I wipe my brow as I drop into the pilot's seat, hands on controls. Levers and switches, a damn museum piece, no labels, just guesswork and grit.
"Alright, clunker, any chance you'll cooperate without a motivational speech?"
A bitter nod to the gap where EDI's voice should be, silky and precise, correcting my inputs before I finished making them. No voice here. Just dead air and a dash that screams junkyard reject. Revan stands beside me, watching, his shadow steady in the stuttering light.
"Does your vessel normally require flattery to function?"
His voice dry. A rare crack in the granite that catches me off guard.
"Only if I've caught her on a bad day."
Vents hiss, a light blinks green, and a shrill whine screeches from somewhere low in the ship's gut.
"Where's the damn lift-off? I've seen rachni wrecks with more life!"
The cockpit shudders, a groan rolling through the frame as I fumble a lever, and I curse.
"What the hell… built by a blind batarian?"
Revan watches, the dry edge still there under his calm, and I keep at it, refusing to let a dead man's ship win. My tool flares, threading the navi computer slow, light turning gibberish into coordinates I can actually use, bit by stubborn bit.
I find and lock Mustafar's heading as the panel chirps, finally yielding control.
"There we go."
The systems settle into a thin drone, signaling life.
We undock, the bay doors grinding open, and I nurse the ship out, scraping the hull on a strut as we clear the slot.
"Real graceful."
I power up the thrusters as the station shrinks behind us, its neon glow fading into the black. The console blinks, a new term surfacing on the display. Hyperdrive. I scowl, tapping my sensors as they pull data.

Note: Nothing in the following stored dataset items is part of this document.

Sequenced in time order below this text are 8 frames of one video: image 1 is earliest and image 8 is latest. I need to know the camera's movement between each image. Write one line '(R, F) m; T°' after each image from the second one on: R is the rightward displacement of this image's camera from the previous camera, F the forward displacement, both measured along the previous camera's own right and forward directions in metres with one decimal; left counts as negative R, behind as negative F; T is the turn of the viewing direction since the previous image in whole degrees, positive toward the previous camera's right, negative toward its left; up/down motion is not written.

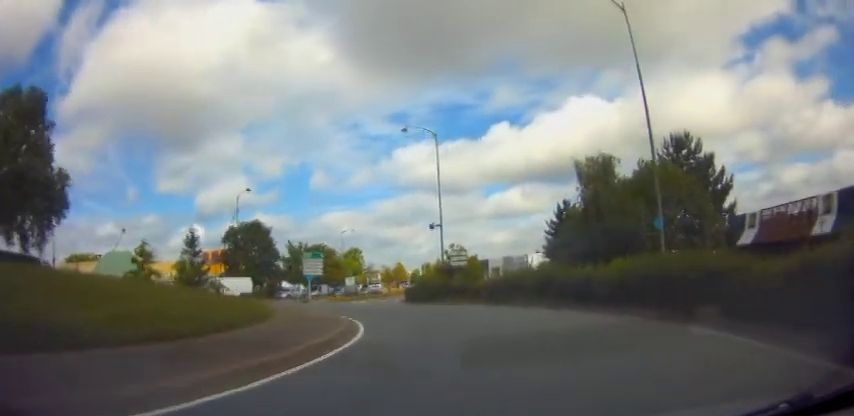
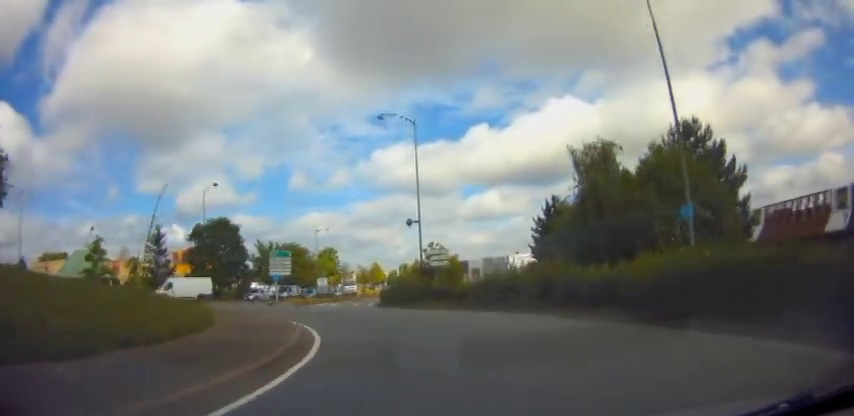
(-0.1, +3.7) m; +1°
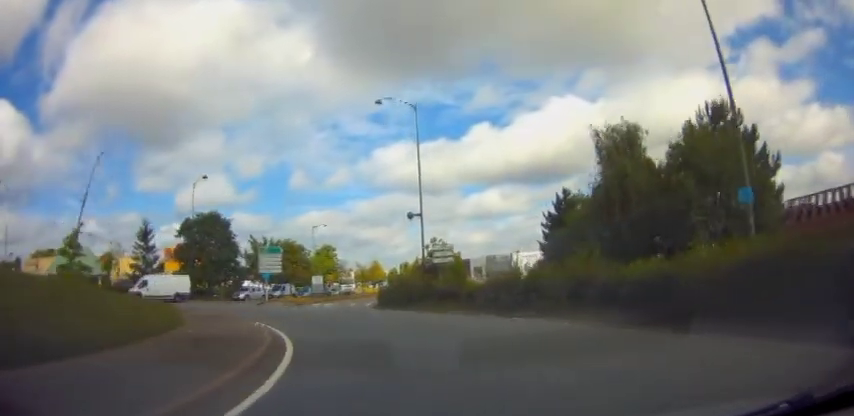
(-0.1, +3.0) m; +1°
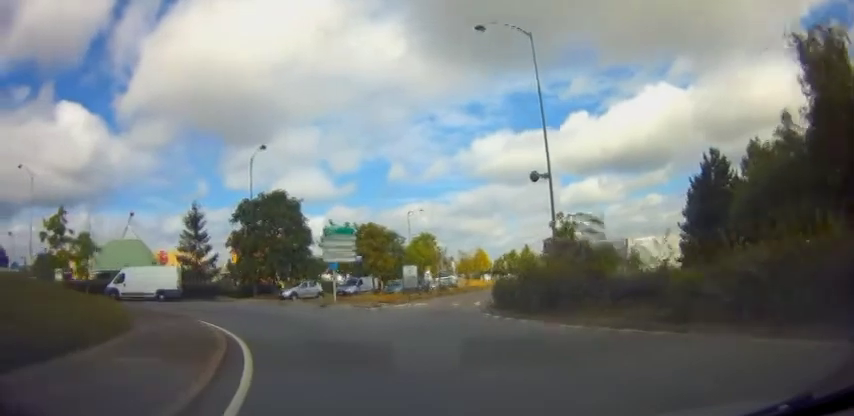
(-0.4, +9.8) m; -10°
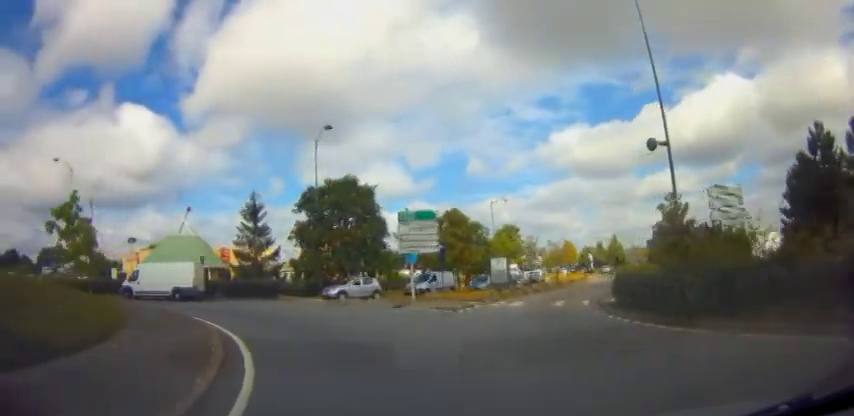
(-0.2, +4.6) m; -7°
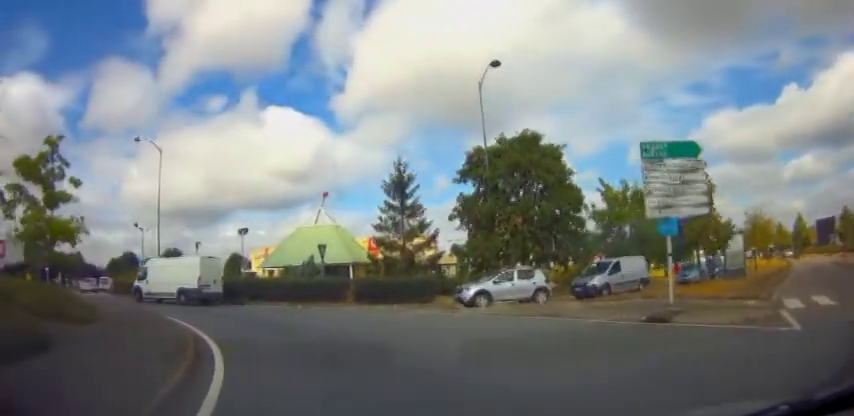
(-1.7, +10.2) m; -20°
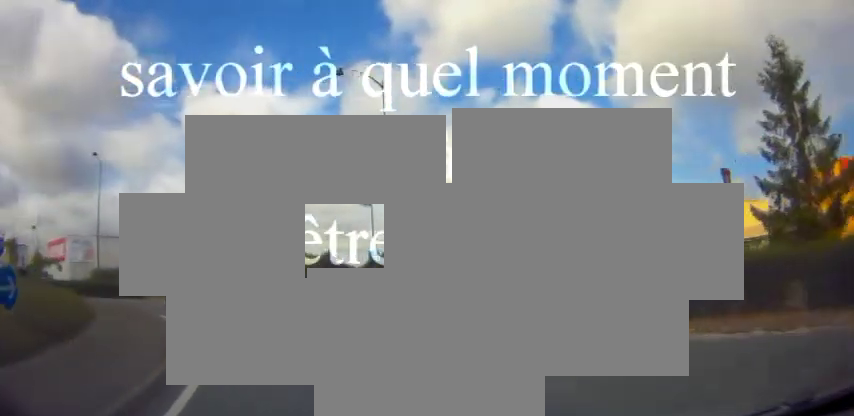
(-4.2, +14.3) m; -34°
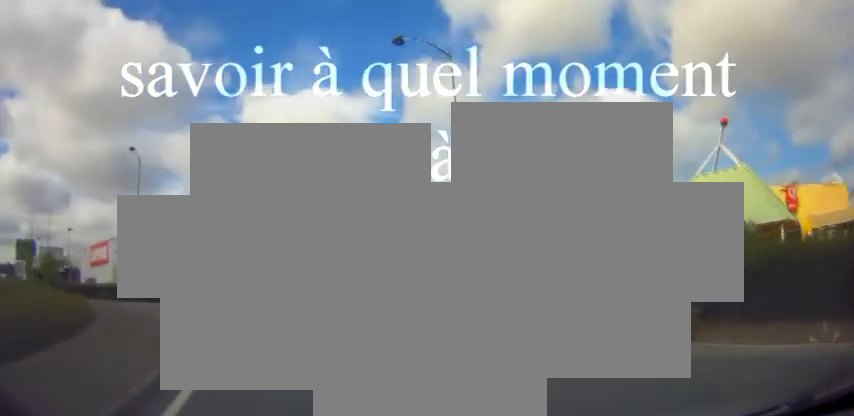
(-0.3, +3.7) m; -9°

"What's this 'hyperdrive' crap?"
Revan leans in, pointing to a red lever on the dash, calm as ever, like he's run this jump a thousand times and never once found it worth remarking on.
"Set it free."
"Set it free? Real helpful."
With my brow up, I yank the lever hard, fingers tight. The engines roar to life, a jolt slamming me back into the seat as the stars smear into streaks outside. My gut lurches, the viewport blurring with a speed I can't quantify. No relay snap. No smooth FTL hum. Just bone-rattling force applied directly to everything I'm made of.
"Holy shit, that's a ride!"
I laugh, the rush hitting hard, adrenaline spiking as my teeth clack together.
"Alright, I'll give it, rough as hell, but it's got spunk!"
Revan stands steady, voice cutting through the rumble.
"Effective, if crude by your standards."
A hint of amusement lingers in the words, and I grin as the black swallows us whole.
The deep stretches out ahead, stars streaking past like tracer rounds as we burn toward a fiery world, two strangers in a scavenged rig chasing a thread through the dark on nothing but a feeling and a hunch. My omni-tool pings, snagging a half-buried log in the ship's systems, garbled static, words cutting through: power failing, repairs incomplete. I glance at Revan, his scarred face steady in the cockpit's weak glow, unreadable as ever.